◆ **About this task**
Find the word "aerial" in the data below and copy each line that holds it.

◆ **Records for this task**
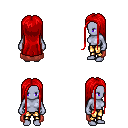
a pixel art fantasy rpg character, female body template, dark elf, purple skin, maroon cape, gold greaves, red extra-long hairstyle, four views (front, back, left, right), 2x2 character sprite sheet, small pixel art, hard edges, no anti-aliasing
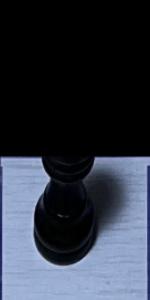
Label: Rook_Black
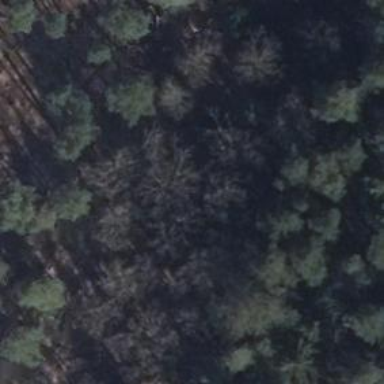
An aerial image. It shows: Forest area.
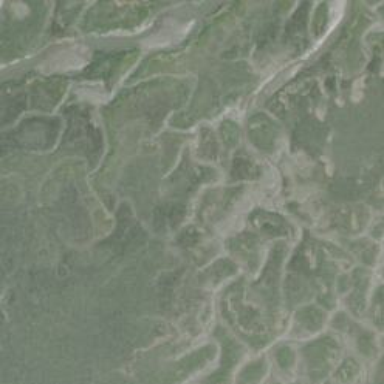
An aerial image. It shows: Saltmarsh wetland.
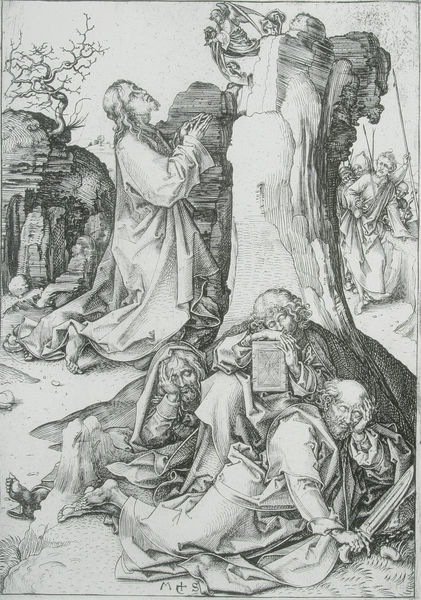
Titel: Das Gebet Christi am Ölberg
Künstler: Martin Schongauer
Institution: (Seriendruck)
Schlagwörter: baum, berg, felsen, flügel, himmel, kampf, kämpfer, mann, schlaf, weiß, landschaft, menschen, sitzen, äste, grau, hintergrund, kleid, männer, nacht, schwarz, skizze, zeichnung, gras, schleier, weg, bibel, falten, johannes, stehen, stein, steine, hände, signatur, ast, erde, hügel, zweige, boden, gewand, haare, kelch, mantel, sitzend, pflanzen, höhle, locken, engel, garten, holzschnitt, liegen, ruhen, schlafen, schlafend, berge, fels, verlassen, wüste, grafik, kahl, rast, füsse, krieg, lanze, soldaten, glatze, liegend, striche, klippe, barfuss, ruine, blut, buch, zweig, druck, schnitt, monogramm, holzstich, radierung, stich, häscher, schwert, schwerter, waffen, knien, mäntel, beten, gebet, verzweiflung, jäger, christus, jesus, blockade, karg, geäst, wach, knieend, müde, grotte, lanzen, heilige, speer, speere, dürer, jünger, kupferstich, anbetung, auszug, betend, petrus, ausruhen, struch, bruchstein, christi, testament, barfüssig, stick, schalf, martin, albrecht, apostel, erschöpfung, passion, judas, golgatha, ölberg, jakobus, verrat, schongauer, das bloß, felsgrotte, gezemani, immer, ist, jakobus der ältere, kupfertich, langweilen, lass diesen, mitspieler, möchte, noch, oder, schlaf rast, jeu, schla, jeus, en, ma, ms, gethesmeane, bäeum
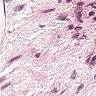
Metastatic tissue present: no

◆ **Answer**
An aerial image. It shows: Forest area.
An aerial image. It shows: Saltmarsh wetland.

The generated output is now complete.